As for certain types of web development node.js is definitely more suited for
apps that do a lot of real-time stuff (like chat.)

------
LarryMade
Focus on the languages that you like AND can solve your problems. Depending on
your platform (iPhone, Andriod, Winphone) and application will limit what
language(s) to use. Read what others are using on that platform, feel their
pain/jubilation.

Seven months isn't much time... hit the ground running by doing some guided
"build this app" tutorials, go through them a couple times each till you
understand the code, tools, and processes that you are working with. Also try
to find tutorials that go along the lines of your idea, so maybe you can
fiddle with the learned code and adapt it to what you need.
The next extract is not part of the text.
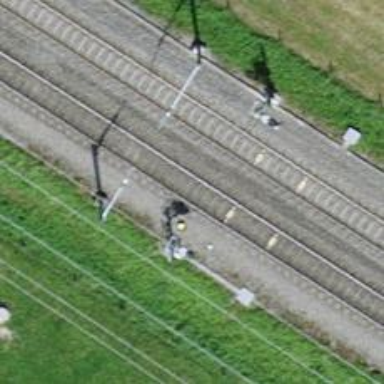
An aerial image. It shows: Railway signal.
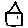
Label: house
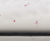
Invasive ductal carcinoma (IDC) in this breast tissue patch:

I'm not in mobile stuff, so I can't suggest anything specific.

------
Kishin
I am learning python right now, and Dive into Python 3 is an absolutely
incredible resource: <http://diveintopython3.org/>

Learn Python The Hard Way is good for getting your feet wet in programming
though.

------
glimcat
How does anyone become a better coder? You code.

Pair programming is a great scenario for this because it tightens the loop -
you feel more free to attempt things which you're not certain of and it's much
easier to find out what you did wrong.

------
parthshah
Whatever language you learn there is only one way to be better coder that is
coding lots of coding